"Saturday night's all right for fighting," Elton John once declared. Adam Duritz agrees: '1492', the opener of the Counting Crows' best album in a decade, has the front man taking potshots at those who mock his fake dreadlocks ("I'm a Russian Jew American/ Impersonating African Jamaican") and those who can't understand how he scores one hot woman after another.
Amid the bristling guitar and racing drums, he touches on something more devastating: his mental illness of the past 10 years. "Now I'm the king of everything / And I'm the king of nothing," he reveals — but where there was once despair and self pity, the singer and chief songwriter now sounds defiant.
That defiance is the hallmark of the album's 'Saturday Nights' portion, six songs produced by Gil Norton that recreate the ballsy country rock of 1996's 'Recovering The Satellites'. 'Hanging Tree' is built around a simple Nirvana-style guitar riff, then dressed up with piano pounding, squealing slide guitars — and mandolins; 'Insignificant' (with its line of "I don't want to feel so different") is a singalong crowd pleaser in the style of 'Mr Jones'; 'Cowboys' gallops like John Wayne in pursuit of a runaway stagecoach; and the incongruously titled 'Sundays', with its angelic glockenspiel-accompanied chorus, sets the tone for this collection's quieter second half.
Appropriately bundled together as 'Sunday Mornings', the remaining eight songs find Duritz and his five cohorts in a more chilled-out — but no less captivating — state. "So cover this warm night / In a blanket of starlight / And I'll follow this freeway / Out into the air," sings Duritz wistfully to the stark accompaniment of guitars and harmonica on 'Washington Square'. The vintage Dylan-style acoustic folk of the band's debut album 'August and Everything After' continues on the stark 'On Almost Any Sunday Morning', the relatively cheery 'When I Dream Of Michelangelo' and the tortured piano ballad 'On A Tuesday In Amsterdam Long Ago'.

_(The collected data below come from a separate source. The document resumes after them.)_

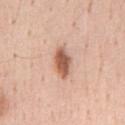– follow-up: total-body-photography surveillance lesion; no biopsy
– diameter: ≈4 mm
– image-analysis metrics: border irregularity of about 2 on a 0–10 scale and a within-lesion color-variation index near 3/10; a nevus-likeness score of about 95/100 and lesion-presence confidence of about 100/100
– subject: male, in their mid-50s
– tile lighting: white-light illumination
– anatomic site: the chest
– image source: 15 mm crop, total-body photography
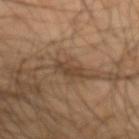On the left forearm. Cropped from a total-body skin-imaging series; the visible field is about 15 mm. The lesion-visualizer software estimated an area of roughly 4.5 mm² and a shape eccentricity near 0.9. Measured at roughly 3.5 mm in maximum diameter. The subject is a male approximately 50 years of age. Imaged with cross-polarized lighting.
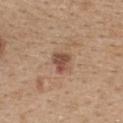Background:
The lesion is located on the upper back. Approximately 3 mm at its widest. A roughly 15 mm field-of-view crop from a total-body skin photograph. A female patient, in their mid-40s.
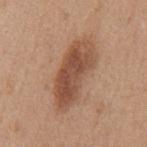This lesion was catalogued during total-body skin photography and was not selected for biopsy.
The subject is a female aged approximately 40.
A close-up tile cropped from a whole-body skin photograph, about 15 mm across.
The lesion is located on the mid back.
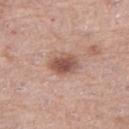Clinical impression:
This lesion was catalogued during total-body skin photography and was not selected for biopsy.
Background:
Automated tile analysis of the lesion measured roughly 13 lightness units darker than nearby skin and a normalized lesion–skin contrast near 9. The software also gave border irregularity of about 1.5 on a 0–10 scale, internal color variation of about 3.5 on a 0–10 scale, and peripheral color asymmetry of about 1. This image is a 15 mm lesion crop taken from a total-body photograph. From the right thigh. The patient is a female approximately 65 years of age. The recorded lesion diameter is about 3.5 mm. This is a white-light tile.
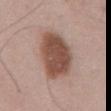Part of a total-body skin-imaging series; this lesion was reviewed on a skin check and was not flagged for biopsy. A male subject, in their mid- to late 50s. A 15 mm close-up tile from a total-body photography series done for melanoma screening. This is a white-light tile. Longest diameter approximately 7 mm.
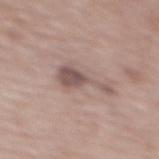tile lighting — white-light illumination | patient — female, about 65 years old | body site — the back | acquisition — 15 mm crop, total-body photography | TBP lesion metrics — an average lesion color of about L≈53 a*≈16 b*≈20 (CIELAB), roughly 11 lightness units darker than nearby skin, and a normalized lesion–skin contrast near 7.5; radial color variation of about 1; a classifier nevus-likeness of about 0/100 and lesion-presence confidence of about 100/100 | size — ~5 mm (longest diameter).
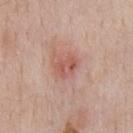workup: imaged on a skin check; not biopsied
location: the chest
acquisition: ~15 mm crop, total-body skin-cancer survey
patient: male, aged around 60

'Anyone But You' and 'You Can't Count On Me' crank it up a little and dilute the Duritz wail but both are too reminiscent of the safe (read boring) stuff of the band's third and fourth outings. Rampant closer 'Come Around' rectifies matters somewhat — although, in sounding not unlike vintage Crows anthem 'Round Here', underlines the biggest problem with 'Saturday Nights and Sunday Mornings': they've done this all before. But even if the lyrics recycle references (Los Angeles, Baltimore, Omaha and angels all make a comeback) and some tunes sound vaguely familiar, the band are clearly back at their best; fighting fit once more.